Why does GenotypeGVCF add duplicated SNPs past the end of the GVCF region?

I ran HaplotypeCaller per sample on the entire genome, then merged multiple samples together into the same GVCF using CombineGVCFs. The CombineGVCFs step was run with -L to split up the GVCFs into 200kbp chunks to speed up processing. Each chunk was passed to GenotypeGVCFs with -L set to only genotype at desired variant sites from a VCF.

In at least one of the resulting VCF files from GenotypeGVCF, there are additional SNPs appended to the end of the chunk.

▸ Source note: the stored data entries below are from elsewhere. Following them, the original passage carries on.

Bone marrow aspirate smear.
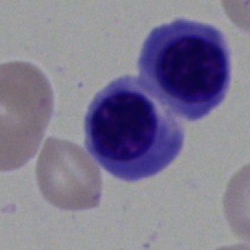 Q: What is the morphological classification of this cell?
A: This is a normoblast.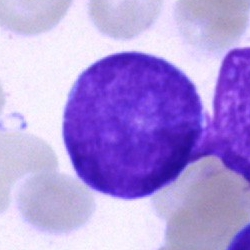

Cell type: blast cell.
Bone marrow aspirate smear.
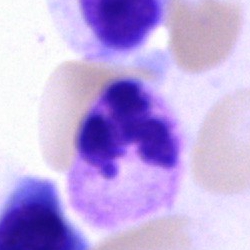Q: Which cell type is shown here?
A: Polymorphonuclear neutrophil.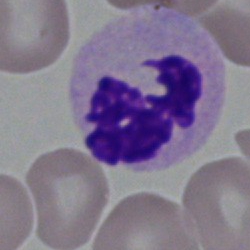Q: What type of cell is this?
A: Neutrophil (segmented).
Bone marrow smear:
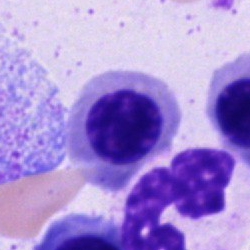 A normoblast.

This is the tail of the CombineGVCF chunk we created with -L Pf3D7_04_v3:1-200000:

Pf3D7_04_v3 199997 . T *, . . DP=11046 GT:AD:DP:GQ:MIN_DP:PL:SB ./.:.:0:0:0:0,0,0,0,0,0 ...
Pf3D7_04_v3 199998 . T *, . . DP=11046 GT:AD:DP:GQ:MIN_DP:PL:SB ./.:.:0:0:0:0,0,0,0,0,0 ...
Pf3D7_04_v3 199999 . A *, . . DP=11046 GT:AD:DP:GQ:MIN_DP:PL:SB ./.:.:0:0:0:0,0,0,0,0,0 ...
Pf3D7_04_v3 200000 . T *, . . DP=11046 GT:AD:DP:GQ:MIN_DP:PL:SB ./.:.:0:0:0:0,0,0,0,0,0 ...

However, this is the tail of the GenotypeGVCF for the same chunk created with a -L :

Pf3D7_04_v3 199880 . C . 36.75 . AN=178;DP=9932;FractionInformativeReads=1.00;GC=28.57;InbreedingCoeff=-0.0039;NCC=2;VariantType=SYMBOLIC ...
Pf3D7_04_v3 200001 . A . 3501.96 . AN=182;DP=10066;FractionInformativeReads=0.00;GC=9.52;NCC=0;VariantType=NO_VARIATION ...
Pf3D7_04_v3 200002 . A . 3501.96 . AN=182;DP=10066;FractionInformativeReads=0.00;GC=9.52;NCC=0;VariantType=NO_VARIATION ...
Pf3D7_04_v3 200004 . A . 3501.96 . AN=182;DP=10066;FractionInformativeReads=0.00;GC=9.52;NCC=0;VariantType=NO_VARIATION ...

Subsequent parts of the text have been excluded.